(Data Opens)

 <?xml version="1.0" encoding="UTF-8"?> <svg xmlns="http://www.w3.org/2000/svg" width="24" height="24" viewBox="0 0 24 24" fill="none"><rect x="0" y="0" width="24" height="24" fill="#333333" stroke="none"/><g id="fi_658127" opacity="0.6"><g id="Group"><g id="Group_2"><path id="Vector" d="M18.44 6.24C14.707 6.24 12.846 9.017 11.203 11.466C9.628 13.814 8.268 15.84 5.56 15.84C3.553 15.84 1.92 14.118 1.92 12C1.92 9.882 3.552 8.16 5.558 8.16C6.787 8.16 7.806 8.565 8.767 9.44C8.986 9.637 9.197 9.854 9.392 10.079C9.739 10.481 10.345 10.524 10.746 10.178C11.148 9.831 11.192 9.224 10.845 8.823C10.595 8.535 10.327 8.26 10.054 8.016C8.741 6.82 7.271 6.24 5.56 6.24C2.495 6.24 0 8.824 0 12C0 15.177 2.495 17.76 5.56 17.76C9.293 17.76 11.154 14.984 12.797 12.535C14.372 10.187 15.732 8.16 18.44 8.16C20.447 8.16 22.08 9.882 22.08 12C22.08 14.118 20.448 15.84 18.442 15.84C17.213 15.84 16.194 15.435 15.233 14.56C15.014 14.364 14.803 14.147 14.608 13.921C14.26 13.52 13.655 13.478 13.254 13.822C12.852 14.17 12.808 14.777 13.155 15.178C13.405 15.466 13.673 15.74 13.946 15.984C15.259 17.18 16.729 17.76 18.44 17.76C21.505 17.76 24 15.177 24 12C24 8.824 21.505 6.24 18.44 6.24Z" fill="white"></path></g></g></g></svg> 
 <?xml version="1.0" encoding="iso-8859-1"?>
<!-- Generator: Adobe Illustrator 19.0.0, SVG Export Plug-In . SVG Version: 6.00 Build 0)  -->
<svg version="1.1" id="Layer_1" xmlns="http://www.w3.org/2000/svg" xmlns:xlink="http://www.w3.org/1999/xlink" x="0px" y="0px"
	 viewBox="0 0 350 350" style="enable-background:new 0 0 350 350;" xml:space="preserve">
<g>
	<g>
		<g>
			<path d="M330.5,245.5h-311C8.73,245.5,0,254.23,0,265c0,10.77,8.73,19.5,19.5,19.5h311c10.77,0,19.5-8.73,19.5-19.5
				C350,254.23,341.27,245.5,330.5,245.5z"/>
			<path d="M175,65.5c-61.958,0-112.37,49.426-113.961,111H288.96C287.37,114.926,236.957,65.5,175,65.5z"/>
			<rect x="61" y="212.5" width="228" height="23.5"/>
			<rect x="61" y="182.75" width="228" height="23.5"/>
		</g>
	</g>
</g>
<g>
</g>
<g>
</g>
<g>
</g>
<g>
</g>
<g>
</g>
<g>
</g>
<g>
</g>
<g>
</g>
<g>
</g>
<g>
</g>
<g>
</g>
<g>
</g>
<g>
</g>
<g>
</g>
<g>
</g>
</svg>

(Data Closes)

#### What to work on
The lines you return should be those above that contain the word "encoding", every one of them.

#### Response area
 <?xml version="1.0" encoding="UTF-8"?> <svg xmlns="http://www.w3.org/2000/svg" width="24" height="24" viewBox="0 0 24 24" fill="none"><rect x="0" y="0" width="24" height="24" fill="#333333" stroke="none"/><g id="fi_658127" opacity="0.6"><g id="Group"><g id="Group_2"><path id="Vector" d="M18.44 6.24C14.707 6.24 12.846 9.017 11.203 11.466C9.628 13.814 8.268 15.84 5.56 15.84C3.553 15.84 1.92 14.118 1.92 12C1.92 9.882 3.552 8.16 5.558 8.16C6.787 8.16 7.806 8.565 8.767 9.44C8.986 9.637 9.197 9.854 9.392 10.079C9.739 10.481 10.345 10.524 10.746 10.178C11.148 9.831 11.192 9.224 10.845 8.823C10.595 8.535 10.327 8.26 10.054 8.016C8.741 6.82 7.271 6.24 5.56 6.24C2.495 6.24 0 8.824 0 12C0 15.177 2.495 17.76 5.56 17.76C9.293 17.76 11.154 14.984 12.797 12.535C14.372 10.187 15.732 8.16 18.44 8.16C20.447 8.16 22.08 9.882 22.08 12C22.08 14.118 20.448 15.84 18.442 15.84C17.213 15.84 16.194 15.435 15.233 14.56C15.014 14.364 14.803 14.147 14.608 13.921C14.26 13.52 13.655 13.478 13.254 13.822C12.852 14.17 12.808 14.777 13.155 15.178C13.405 15.466 13.673 15.74 13.946 15.984C15.259 17.18 16.729 17.76 18.44 17.76C21.505 17.76 24 15.177 24 12C24 8.824 21.505 6.24 18.44 6.24Z" fill="white"></path></g></g></g></svg> 
 <?xml version="1.0" encoding="iso-8859-1"?>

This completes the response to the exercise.